As has been widely reported (here is an AP story), the Daniels Administration is trying to quash the lawsuit (pdf) by the Citizens Action Coalition challenging the constitutionality of the Toll Road privatization legislation.
Specifically, Article 10, section 2 of Indiana’s Constitution says:
All the revenues derived from the sale of any of the public works belonging to the State, and from the net annual income thereof, and any surplus that may, at any time, remain in the Treasury, derived from taxation for general State purposes, after the payment of the ordinary expenses of the government, and of the interest on bonds of the State, other than Bank bonds; shall be annually applied, under the direction of the General Assembly, to the payment of the principal of the Public Debt.
The Daniels Administration is attempting to quash the lawsuit without addressing its merits under IC 34-13-5 which sets the procedure governing “public lawsuits.” In particular IC 34-13-5-7 allows a defendant (in this case, the State) to request that bond be posted. The court is required to set a hearing on the petition. Judge Scopelitis has set a hearing date of May 11.
The statute instructs the judge to use the standard for granting a preliminary injunction as the standard for determining whether a bond is required. This standard essentially requires the judge to weigh the harm if the requested relief is granted (delaying the sale), the harm if the requested relief is denied (allowing the sale to go through while the lawsuit is pending), and the plaintiff’s likelihood of success on the merits. If the judge decides that the CAC is likely to succeed on the merits of the case and that allowing the sale to proceed will cause greater harm than delaying the sale pending trial of the case, he will deny bond. If he decides to the contrary, he is instructed to set bond at a level that that would compensate the defendant for damages and costs accrued to the defendant by reason of the pendancy of the lawsuit.
Regardless of whether bond is approved or denied, either party can appeal the decision directly to the Supreme Court within 10 days of the trial court’s decision. So we’re likely to have a read on the Supreme Court’s opinion on the applicability of the Constitutional provision before too long.

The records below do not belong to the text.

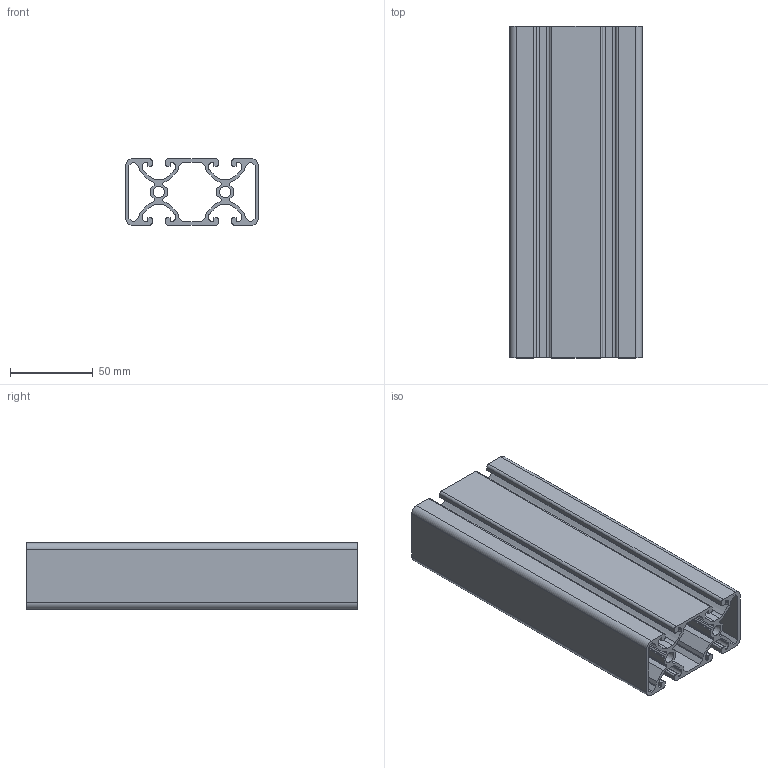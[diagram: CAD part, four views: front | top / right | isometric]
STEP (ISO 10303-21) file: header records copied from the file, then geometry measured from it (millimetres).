
FILE_DESCRIPTION(/* description */ ('Aluminiumprofil 80x40E 2N180'),/* implementation_level */ '2;1');
FILE_NAME(/* name */ 'Syskomp 281804951 Aluminiumprofil 80x40E 2N180.stp',/* time_stamp */ '2017-06-19T15:56:34+02:00',/* author */ ('wheldmann'),/* organization */ (''),/* preprocessor_version */ 'ST-DEVELOPER v16.1',/* originating_system */ 'Autodesk Inventor 2016',/* authorisation */ '');
FILE_SCHEMA (('AUTOMOTIVE_DESIGN { 1 0 10303 214 3 1 1 }'));
Length unit declared in the file: millimetre
Products named in the file (1): 281804951 Aluminiumprofil 80x40E 2N180 - 200
Bounding box: 80 x 200 x 40 mm (x, y, z)
Volume: 172762.7 mm3; surface area: 153878.6 mm2
Topology: 1 solids, 1 shells, 244 faces, 726 edges, 484 vertices
Faces by surface type: plane 174, cylinder 70
Full cylindrical faces by diameter (mm): 6.8 x2
Entity records: 8184 total; most frequent: CARTESIAN_POINT 1453, ORIENTED_EDGE 1448, DIRECTION 1354, EDGE_CURVE 724, LINE 584, VECTOR 584, VERTEX_POINT 484, AXIS2_PLACEMENT_3D 385
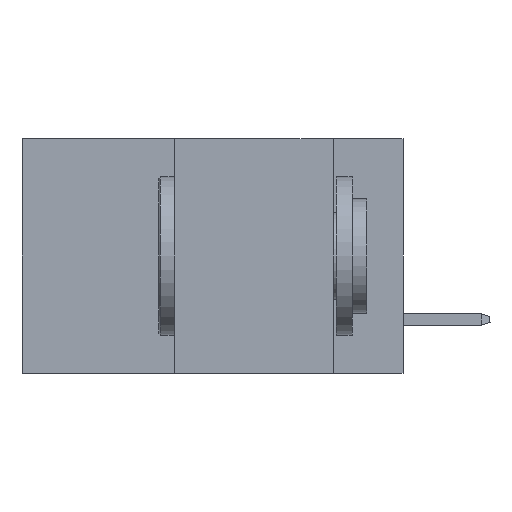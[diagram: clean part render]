
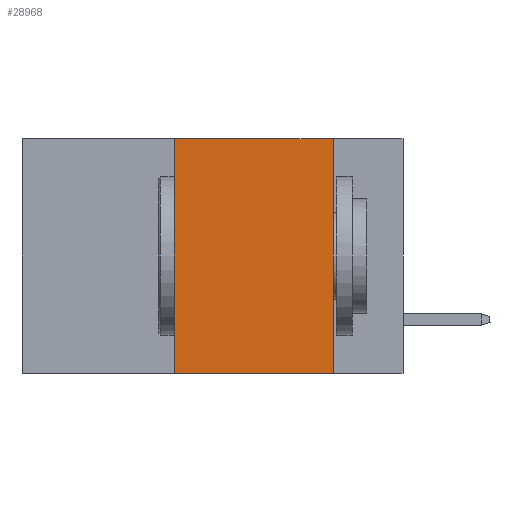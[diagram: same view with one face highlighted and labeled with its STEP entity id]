
A CAD part, left-side view. The second image highlights one B-rep face of the part: STEP entity #28968.
In plain terms, the highlighted planar face has unit normal (-1, 0, 0).
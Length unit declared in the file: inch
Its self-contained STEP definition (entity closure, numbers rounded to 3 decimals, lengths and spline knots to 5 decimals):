
#558 = VERTEX_POINT ( 'NONE', #32685 ) ;
#741 = EDGE_CURVE ( 'NONE', #25876, #9543, #7659, .T. ) ;
#1024 = ORIENTED_EDGE ( 'NONE', *, *, #741, .F. ) ;
#1864 = EDGE_CURVE ( 'NONE', #558, #29703, #26799, .T. ) ;
#2644 = DIRECTION ( 'NONE',  ( 0., -1., 0. ) ) ;
#2719 = DIRECTION ( 'NONE',  ( 1., 0., 0. ) ) ;
#3505 = CARTESIAN_POINT ( 'NONE',  ( 0., 0.11, 0. ) ) ;
#3694 = EDGE_CURVE ( 'NONE', #25876, #29703, #18289, .T. ) ;
#7479 = DIRECTION ( 'NONE',  ( 0., 0., 1. ) ) ;
#7659 = LINE ( 'NONE', #23299, #22381 ) ;
#8106 = DIRECTION ( 'NONE',  ( 0., 0., -1. ) ) ;
#9543 = VERTEX_POINT ( 'NONE', #14580 ) ;
#9895 = LINE ( 'NONE', #25702, #18839 ) ;
#10696 = VECTOR ( 'NONE', #14117, 39.37008 ) ;
#10801 = EDGE_CURVE ( 'NONE', #9543, #558, #9895, .T. ) ;
#11473 = ORIENTED_EDGE ( 'NONE', *, *, #3694, .T. ) ;
#12827 = PLANE ( 'NONE',  #27273 ) ;
#13655 = ORIENTED_EDGE ( 'NONE', *, *, #10801, .F. ) ;
#14117 = DIRECTION ( 'NONE',  ( 0., 0., -1. ) ) ;
#14580 = CARTESIAN_POINT ( 'NONE',  ( 0., 0.36, 0. ) ) ;
#14698 = VECTOR ( 'NONE', #2644, 39.37008 ) ;
#18289 = LINE ( 'NONE', #33907, #14698 ) ;
#18839 = VECTOR ( 'NONE', #20495, 39.37008 ) ;
#20495 = DIRECTION ( 'NONE',  ( 0., -1., 0. ) ) ;
#22381 = VECTOR ( 'NONE', #7479, 39.37008 ) ;
#23299 = CARTESIAN_POINT ( 'NONE',  ( 0., 0.36, 0. ) ) ;
#23766 = FACE_OUTER_BOUND ( 'NONE', #29412, .T. ) ;
#25702 = CARTESIAN_POINT ( 'NONE',  ( 0., 0.6, 0. ) ) ;
#25876 = VERTEX_POINT ( 'NONE', #30380 ) ;
#26447 = CARTESIAN_POINT ( 'NONE',  ( 0., 0.11, -0.37 ) ) ;
#26799 = LINE ( 'NONE', #3505, #10696 ) ;
#27273 = AXIS2_PLACEMENT_3D ( 'NONE', #29297, #2719, #8106 ) ;
#28968 = ADVANCED_FACE ( 'NONE', ( #23766 ), #12827, .F. ) ;
#29297 = CARTESIAN_POINT ( 'NONE',  ( 0., 0.6, 0. ) ) ;
#29412 = EDGE_LOOP ( 'NONE', ( #33413, #13655, #1024, #11473 ) ) ;
#29703 = VERTEX_POINT ( 'NONE', #26447 ) ;
#30380 = CARTESIAN_POINT ( 'NONE',  ( 0., 0.36, -0.37 ) ) ;
#32685 = CARTESIAN_POINT ( 'NONE',  ( 0., 0.11, 0. ) ) ;
#33413 = ORIENTED_EDGE ( 'NONE', *, *, #1864, .F. ) ;
#33907 = CARTESIAN_POINT ( 'NONE',  ( 0., 0.6, -0.37 ) ) ;
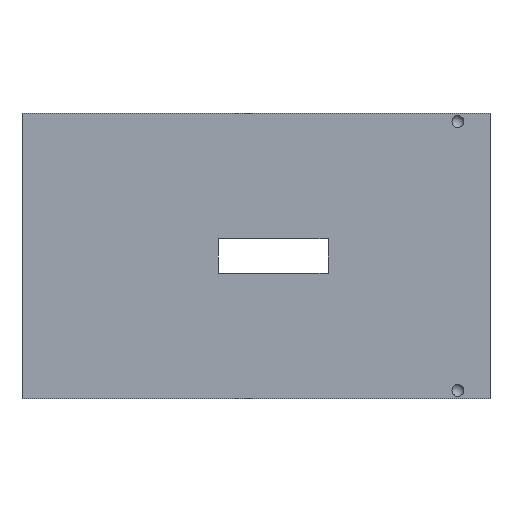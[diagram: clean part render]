
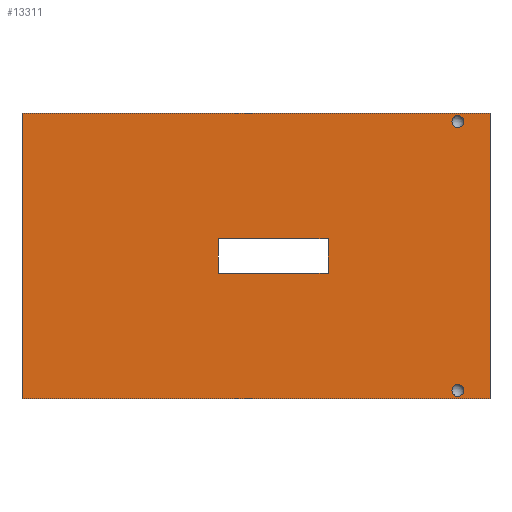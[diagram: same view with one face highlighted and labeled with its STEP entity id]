
A CAD part, left-side view. The second image highlights one B-rep face of the part: STEP entity #13311.
In plain terms, the highlighted planar face has unit normal (-1, 0, 0).
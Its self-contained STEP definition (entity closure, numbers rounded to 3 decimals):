
#76=FACE_BOUND('',#5364,.T.);
#77=FACE_BOUND('',#5365,.T.);
#78=FACE_BOUND('',#5366,.T.);
#2460=LINE('',#25078,#3570);
#2463=LINE('',#25083,#3573);
#2465=LINE('',#25087,#3575);
#2467=LINE('',#25090,#3577);
#2470=LINE('',#25096,#3580);
#2472=LINE('',#25101,#3582);
#2474=LINE('',#25104,#3584);
#2475=LINE('',#25106,#3585);
#3570=VECTOR('',#15283,10.);
#3573=VECTOR('',#15288,10.);
#3575=VECTOR('',#15292,10.);
#3577=VECTOR('',#15296,10.);
#3580=VECTOR('',#15301,10.);
#3582=VECTOR('',#15305,10.);
#3584=VECTOR('',#15309,10.);
#3585=VECTOR('',#15312,10.);
#3871=PLANE('',#13624);
#4588=FACE_OUTER_BOUND('',#5363,.T.);
#5363=EDGE_LOOP('',(#12583,#12584,#12585,#12586));
#5364=EDGE_LOOP('',(#12587));
#5365=EDGE_LOOP('',(#12588));
#5366=EDGE_LOOP('',(#12589,#12590,#12591,#12592));
#5367=CIRCLE('',#13336,2.291);
#5368=CIRCLE('',#13338,2.291);
#5369=VERTEX_POINT('',#15319);
#5370=VERTEX_POINT('',#15322);
#6675=VERTEX_POINT('',#25076);
#6676=VERTEX_POINT('',#25077);
#6677=VERTEX_POINT('',#25082);
#6678=VERTEX_POINT('',#25086);
#6679=VERTEX_POINT('',#25092);
#6680=VERTEX_POINT('',#25094);
#6681=VERTEX_POINT('',#25098);
#6682=VERTEX_POINT('',#25100);
#6683=EDGE_CURVE('',#5369,#5369,#5367,.T.);
#6684=EDGE_CURVE('',#5370,#5370,#5368,.T.);
#8637=EDGE_CURVE('',#6675,#6676,#2460,.T.);
#8640=EDGE_CURVE('',#6676,#6677,#2463,.T.);
#8642=EDGE_CURVE('',#6677,#6678,#2465,.T.);
#8644=EDGE_CURVE('',#6678,#6675,#2467,.T.);
#8647=EDGE_CURVE('',#6680,#6679,#2470,.T.);
#8649=EDGE_CURVE('',#6681,#6682,#2472,.T.);
#8651=EDGE_CURVE('',#6679,#6681,#2474,.T.);
#8652=EDGE_CURVE('',#6682,#6680,#2475,.T.);
#12583=ORIENTED_EDGE('',*,*,#8649,.F.);
#12584=ORIENTED_EDGE('',*,*,#8651,.F.);
#12585=ORIENTED_EDGE('',*,*,#8647,.F.);
#12586=ORIENTED_EDGE('',*,*,#8652,.F.);
#12587=ORIENTED_EDGE('',*,*,#6683,.T.);
#12588=ORIENTED_EDGE('',*,*,#6684,.T.);
#12589=ORIENTED_EDGE('',*,*,#8642,.T.);
#12590=ORIENTED_EDGE('',*,*,#8644,.T.);
#12591=ORIENTED_EDGE('',*,*,#8637,.T.);
#12592=ORIENTED_EDGE('',*,*,#8640,.T.);
#13311=ADVANCED_FACE('',(#4588,#76,#77,#78),#3871,.F.);
#13336=AXIS2_PLACEMENT_3D('',#15320,#13629,#13630);
#13338=AXIS2_PLACEMENT_3D('',#15323,#13633,#13634);
#13624=AXIS2_PLACEMENT_3D('',#25108,#15315,#15316);
#13629=DIRECTION('center_axis',(1.,0.,0.));
#13630=DIRECTION('ref_axis',(0.,0.,-1.));
#13633=DIRECTION('center_axis',(1.,0.,0.));
#13634=DIRECTION('ref_axis',(0.,0.,-1.));
#15283=DIRECTION('',(0.,0.,1.));
#15288=DIRECTION('',(0.,-1.,0.));
#15292=DIRECTION('',(0.,0.,-1.));
#15296=DIRECTION('',(0.,1.,0.));
#15301=DIRECTION('',(0.,-1.,0.));
#15305=DIRECTION('',(0.,1.,0.));
#15309=DIRECTION('',(0.,0.,-1.));
#15312=DIRECTION('',(0.,0.,1.));
#15315=DIRECTION('center_axis',(1.,0.,0.));
#15316=DIRECTION('ref_axis',(0.,0.,-1.));
#15319=CARTESIAN_POINT('',(0.,-77.183,-49.086));
#15320=CARTESIAN_POINT('Origin',(0.,-77.183,-51.377));
#15322=CARTESIAN_POINT('',(0.,-77.183,53.668));
#15323=CARTESIAN_POINT('Origin',(0.,-77.183,51.377));
#25076=CARTESIAN_POINT('',(0.,14.45,-6.5));
#25077=CARTESIAN_POINT('',(0.,14.45,6.5));
#25078=CARTESIAN_POINT('',(0.,14.45,3.25));
#25082=CARTESIAN_POINT('',(0.,-27.55,6.5));
#25083=CARTESIAN_POINT('',(0.,-13.775,6.5));
#25086=CARTESIAN_POINT('',(0.,-27.55,-6.5));
#25087=CARTESIAN_POINT('',(0.,-27.55,-3.25));
#25090=CARTESIAN_POINT('',(0.,7.225,-6.5));
#25092=CARTESIAN_POINT('',(0.,-89.45,54.5));
#25094=CARTESIAN_POINT('',(0.,89.45,54.5));
#25096=CARTESIAN_POINT('',(0.,89.45,54.5));
#25098=CARTESIAN_POINT('',(0.,-89.45,-54.5));
#25100=CARTESIAN_POINT('',(0.,89.45,-54.5));
#25101=CARTESIAN_POINT('',(0.,-89.45,-54.5));
#25104=CARTESIAN_POINT('',(0.,-89.45,54.5));
#25106=CARTESIAN_POINT('',(0.,89.45,-54.5));
#25108=CARTESIAN_POINT('Origin',(0.,0.,0.));

My thoughts: 1) I question whether a statute such as IC 34-13-5 is permitted to essentially render a Constitutional provision a nullity. To take a hyperbolic example from the federal Constitution, what if Congress said a citizen had to post $1 billion to bring a lawsuit to stop a free speech violation by the government? Clearly Congress would not be permitted to make an end run around the Constitution in that fashion. 2) The consequences of a delay in entering into the privatization agreement while litigation is pending is less harmful than the consequences of potentially entering into the agreement illegally. The Toll Road isn’t going anywhere and there is no evidence that its value is diminishing. Unraveling the privatization deal once it goes into effect would likely be expensive and difficult, particularly if the State distributes the proceeds from the sale of its property rights in the Toll Road. 3) The State’s apparent reliance on characterization of the deal as a lease rather than a sale seems superficial and misguided. A lease is merely a particular kind of sale of property rights. Not to get all Property 101 on you, but the Daniels administration seems to be taking the position that the word “sale” in the Constitution refers only to a sale of a fee simple absolute interest in the Toll Road Property and that any other kind of sale is not subject to the constitutional provisions, including sale of a leasehold interest in the Toll Road Property for a term of years.